I'm hoping you all might be able to help me out with an assignment for school. Basically, I have to write another Canto for Dante's _Inferno_ (well, that's just a third of it), featuring a sin that he doesn't use in it. I'm not sure if this would work, but I would like to work with the "bartering with the devils" stories in folklore and musicians in particular. I know that there are such stories, but besides "The Devil Went Down to Georgia" I can't think of any others. And he doesn't count because he won that contest. Does anyone know of any other stories that might be helpful here?


many thanks,

jill

cpe
Unregistered User
(11/21/02 10:53:13 pm)
dante
I think that would make a great canto. try faust and mephisopheles.

Also remember Dante wrote about the circle of hell that contained those who had received "too much love."

all best
cpe

swood
Unregistered User
(11/22/02 6:47:57 am)
The Devil you know ...
One of the things I love about the insufferable Dante is that many of the punishments and places in his Inferno were invented for people he knew.

Personally, I would add a layer for teachers who willfully misinform their students.

Also is there a section for incessant whiners?

Sarah

Laura McCaffrey
Registered User
(11/22/02 7:02:40 am)
Re: The Devil you know ...
_Favorite Folktales From Around the World_ ed. Jane Yolen, has a section of stories under the heading "Fooling the Devil." She also has great source notes in the back that could lead you in a bunch of directions.

Laura Mc

Nalo
Registered User
(11/22/02 10:56:51 pm)
Re: The Devil you know ...
"The Devil and Daniel Webster"

Blues musician Robert Johnson was rumoured to have gotten his amazing musical talent (he left town an indifferent musician and returned not too long afterwards a genius) from making a deal with the Devil at a crossroads. Of course, it's very likely not a Christian devil that a black bluesman would be meeting at the crossroads; the crossroads are the especial sacred provinces of the guedes, of Baron Samedi, of Ellegua, Legbara, Elegba, Eshu. They are gods, not demons; though demons are arguably sometimes gods as well, yes? More specifically, they are not Christian and they are not embodiments of evil, though they are often terrifying.

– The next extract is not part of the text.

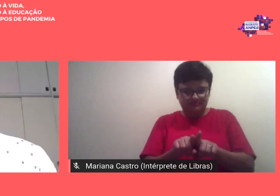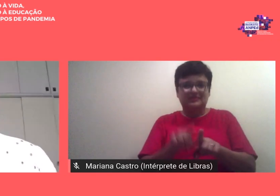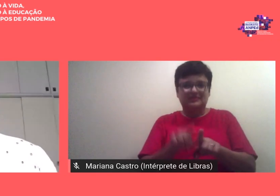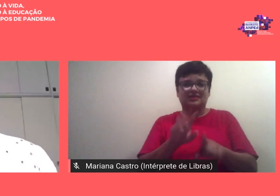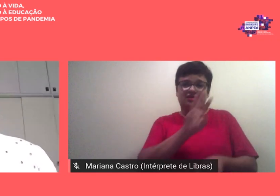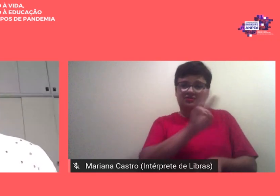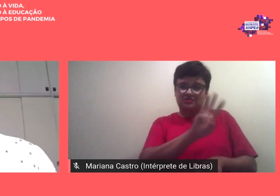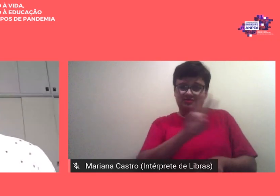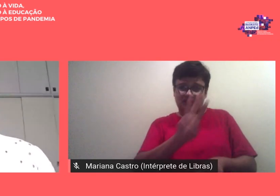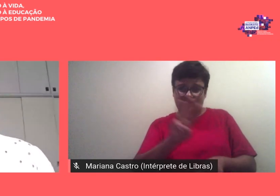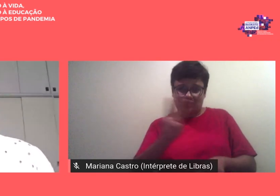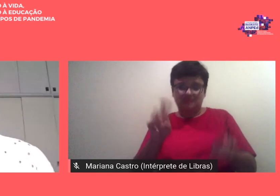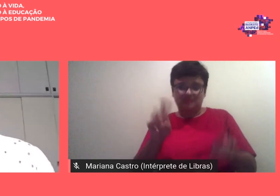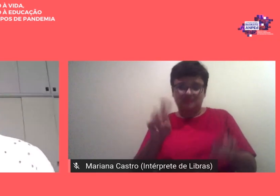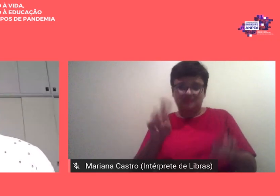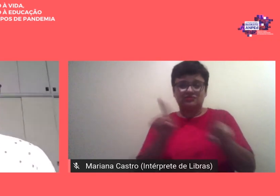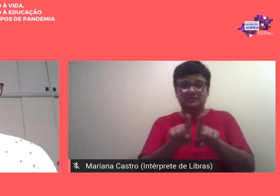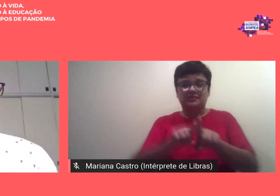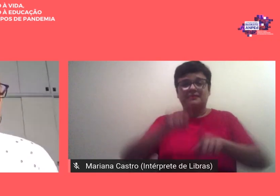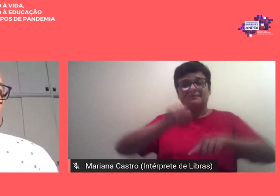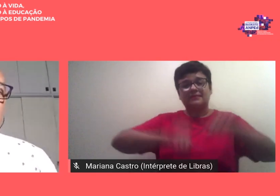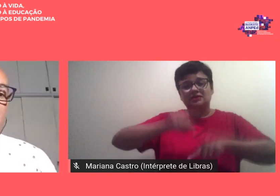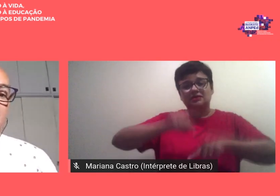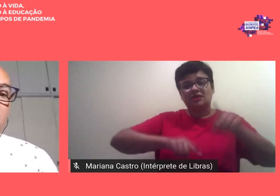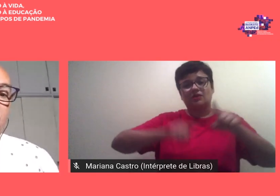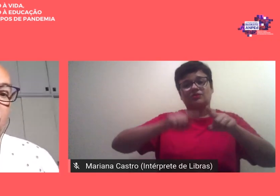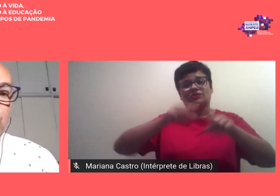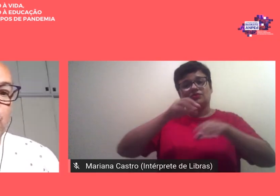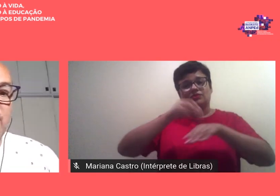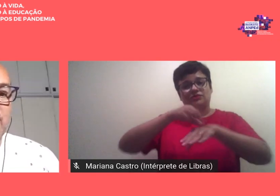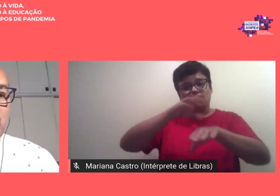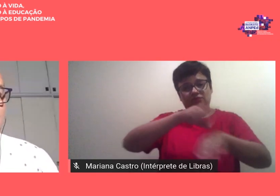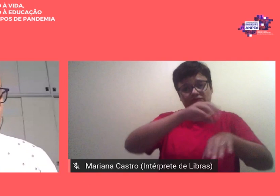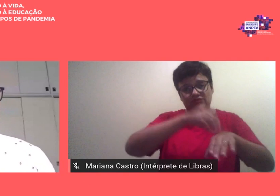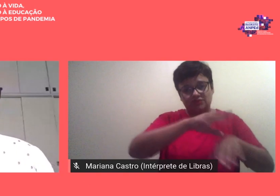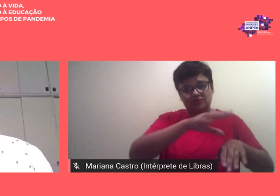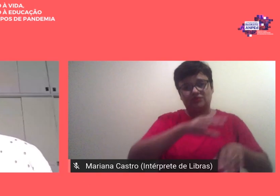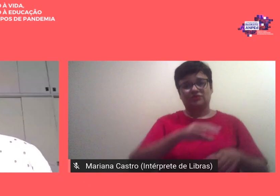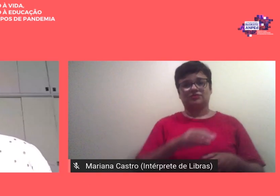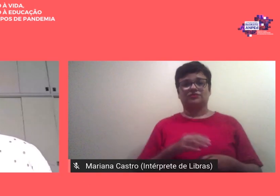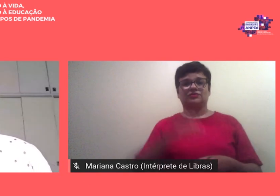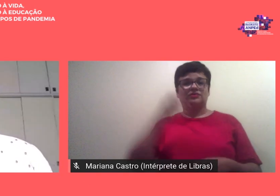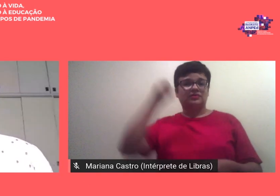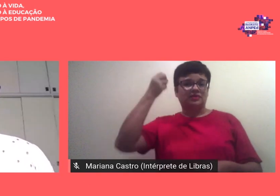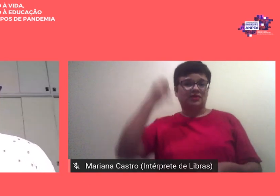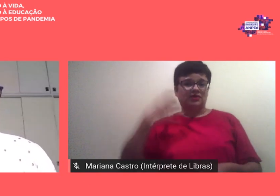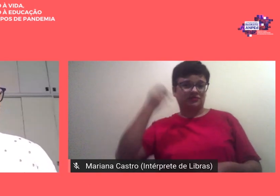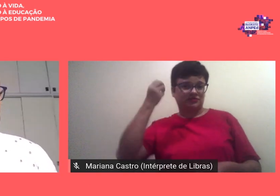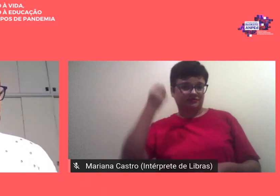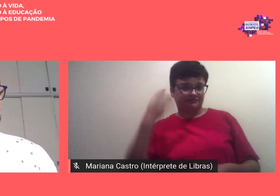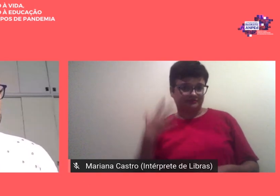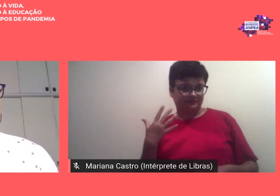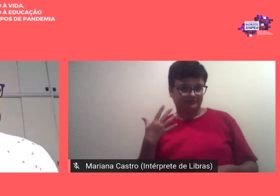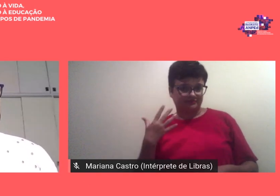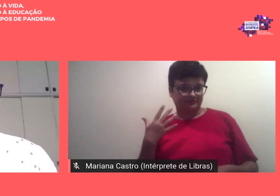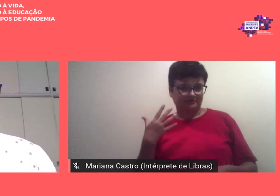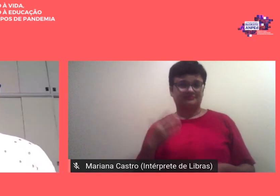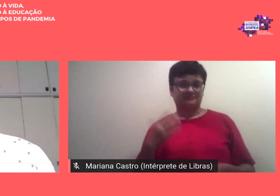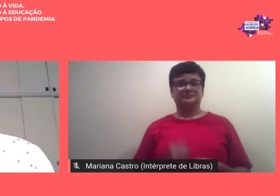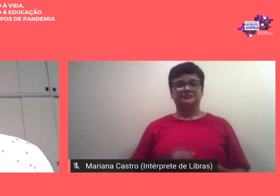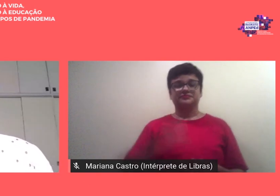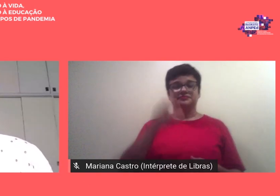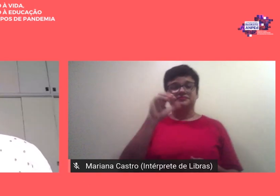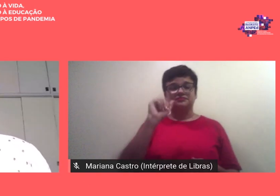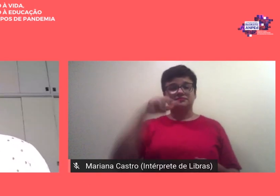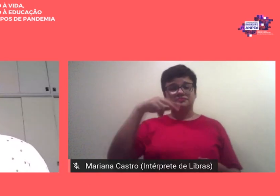até os materiais de divulgação e de orientações para audiodescrição sim a Amped Sudeste
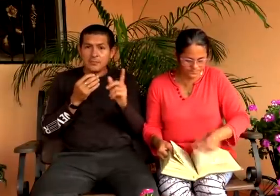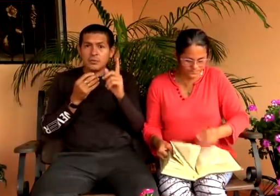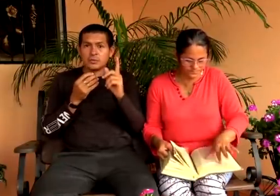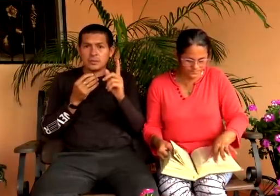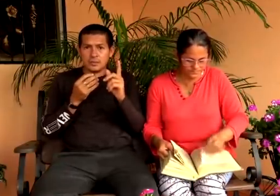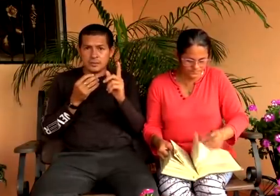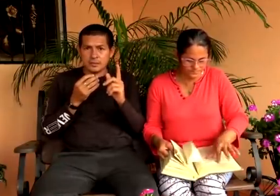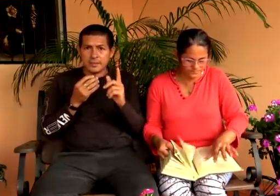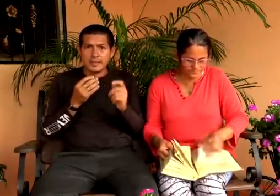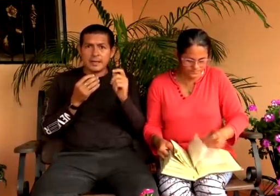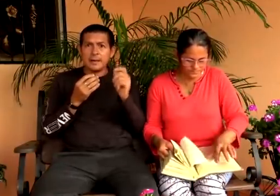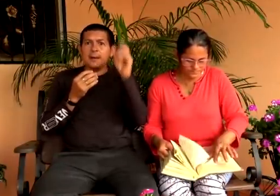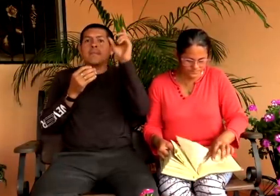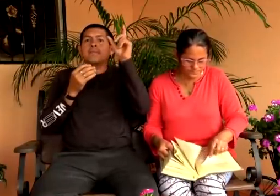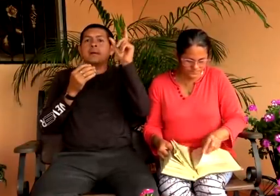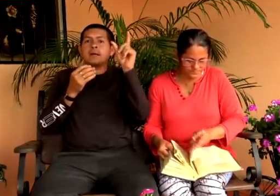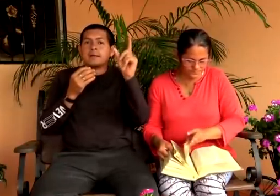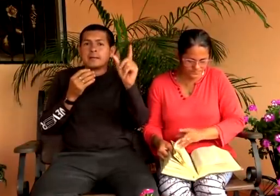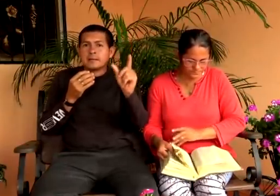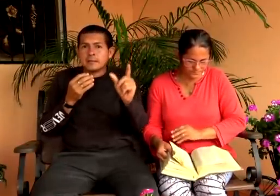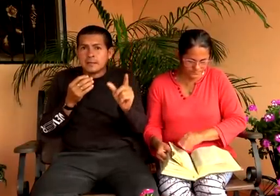Seremos de esa manera

Then there's a folk tale that always struck me because its language was so unlike other tales I'd heard from that part of the world. Of course I don't remember it, except that it has overtones of Rumpelstiltskin. There's a little black-coloured imp that comes down the chimney and tries to trick the protagonist into making dumb deals with it. It looks kind of like a cat, kind of not, and just exudes unholy glee. All I really remember is the line fragment, "...and then that twirled that's tail, and said..."

Nalo
Registered User
(11/22/02 11:03:31 pm)
Niminy niminy not! (Re: The Devil you know ...)
"Niminy niminy not,
My name's Tom Tit Tot!"

Of course, there was the little black-coloured imp tale, right on the Sur La Lune site: www.surlalunefairytales.c...titot.html

And here's "The Devil and Daniel Webster:" www.law.utexas.edu/lpop/e.../devil.htm

DonnaQ
Registered User
(11/23/02 12:58:51 am)
Crossroads
In case you haven't seen it, one story of Robert Johnson and his infamous deal with the devil is told in the movie titled (da dum) Crossroads. It features several famous stars as well as one of my all time favorite guitar players, Steve Vai - who does a darn fine job of playing, well, that would be telling...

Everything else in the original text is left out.